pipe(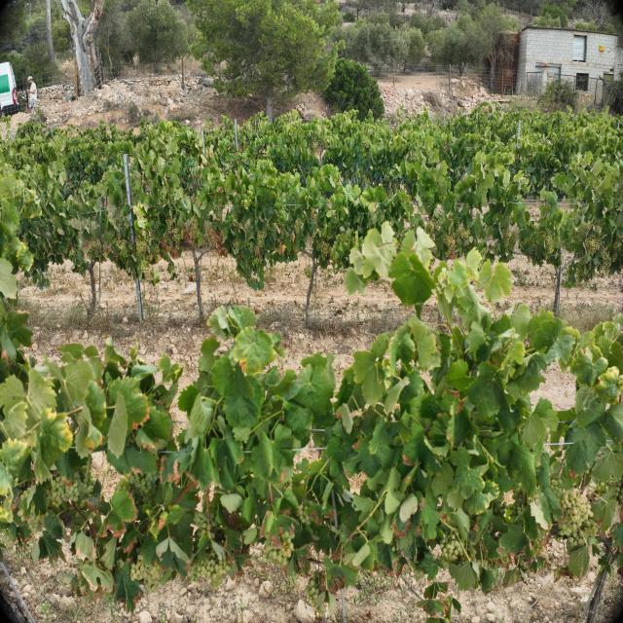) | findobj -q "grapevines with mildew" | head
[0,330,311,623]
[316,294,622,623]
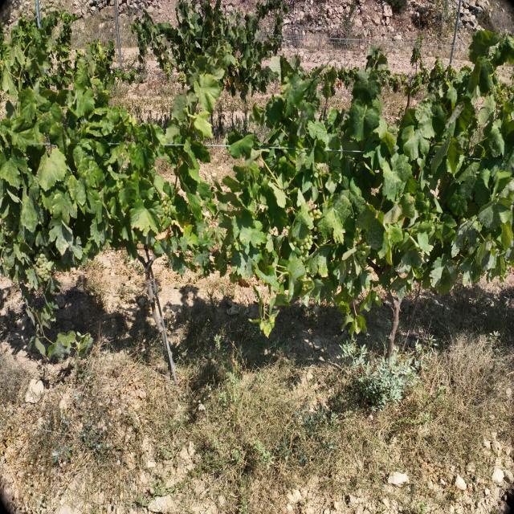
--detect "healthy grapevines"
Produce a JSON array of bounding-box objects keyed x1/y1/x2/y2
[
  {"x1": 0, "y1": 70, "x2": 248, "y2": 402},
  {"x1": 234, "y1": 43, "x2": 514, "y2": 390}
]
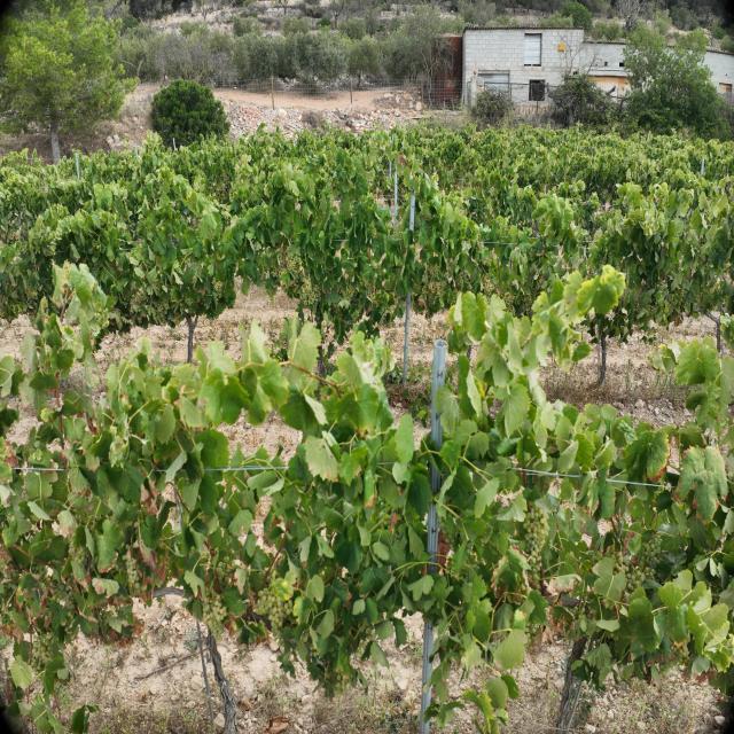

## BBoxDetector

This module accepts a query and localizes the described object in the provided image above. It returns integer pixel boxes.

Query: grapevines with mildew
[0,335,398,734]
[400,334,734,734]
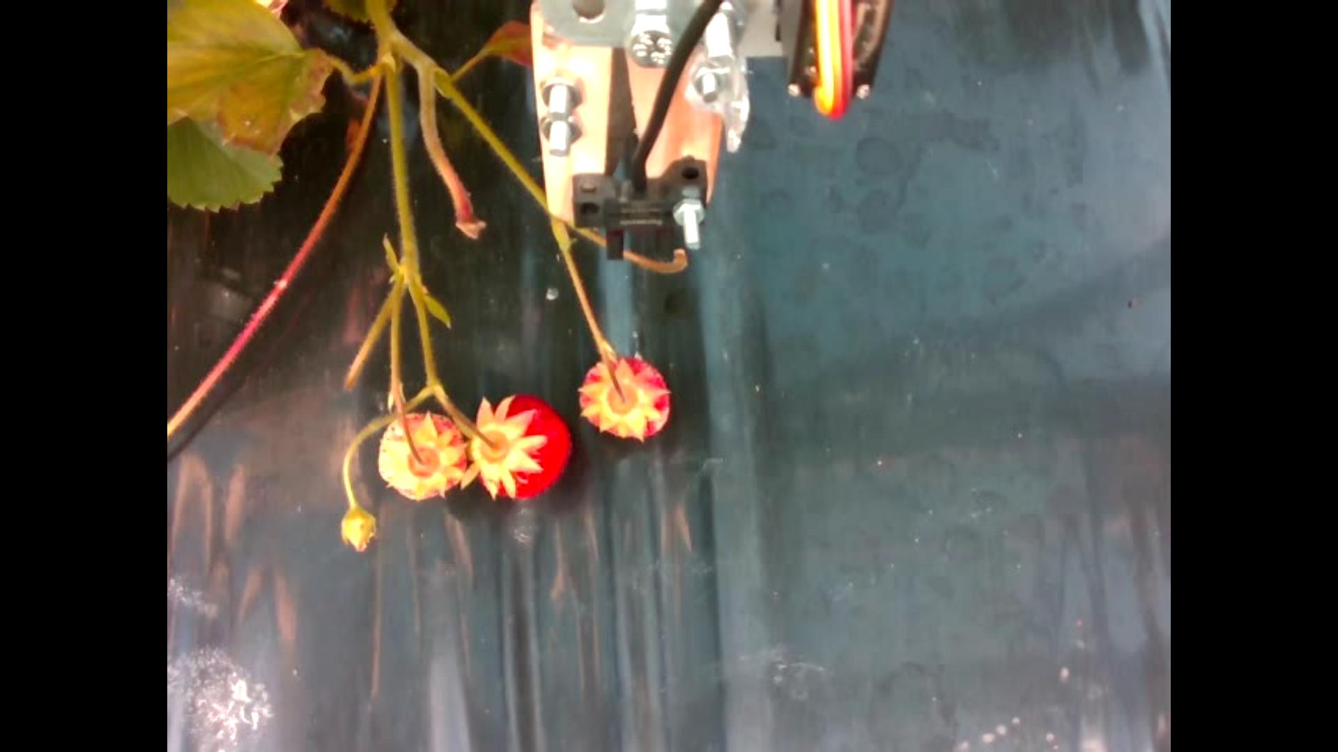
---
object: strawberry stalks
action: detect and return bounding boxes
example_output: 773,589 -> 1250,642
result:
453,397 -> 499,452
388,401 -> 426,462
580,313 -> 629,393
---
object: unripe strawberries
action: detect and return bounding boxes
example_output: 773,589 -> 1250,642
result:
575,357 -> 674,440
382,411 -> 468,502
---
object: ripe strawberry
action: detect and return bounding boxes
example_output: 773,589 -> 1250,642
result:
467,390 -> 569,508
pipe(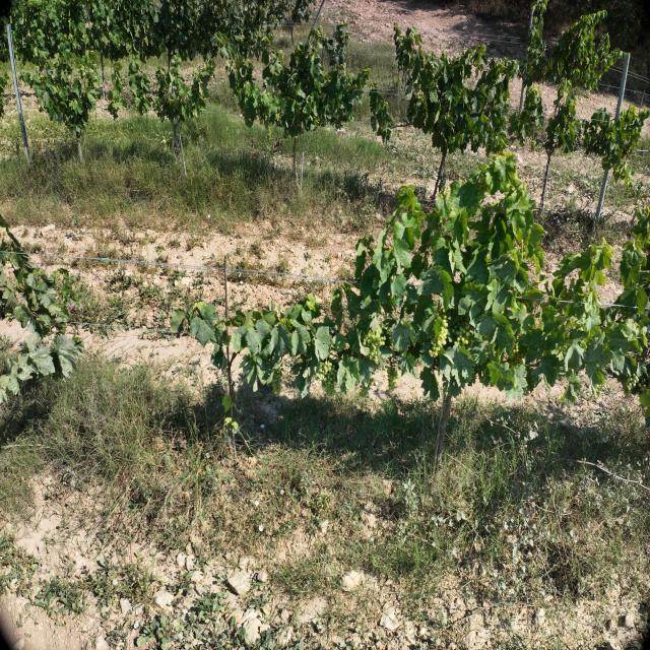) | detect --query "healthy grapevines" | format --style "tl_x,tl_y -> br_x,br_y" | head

------------------------------------------------------------

What is needed: A single number is the answer: the number of lines in the entries that contain "strawberry".

Answer to the problem: 2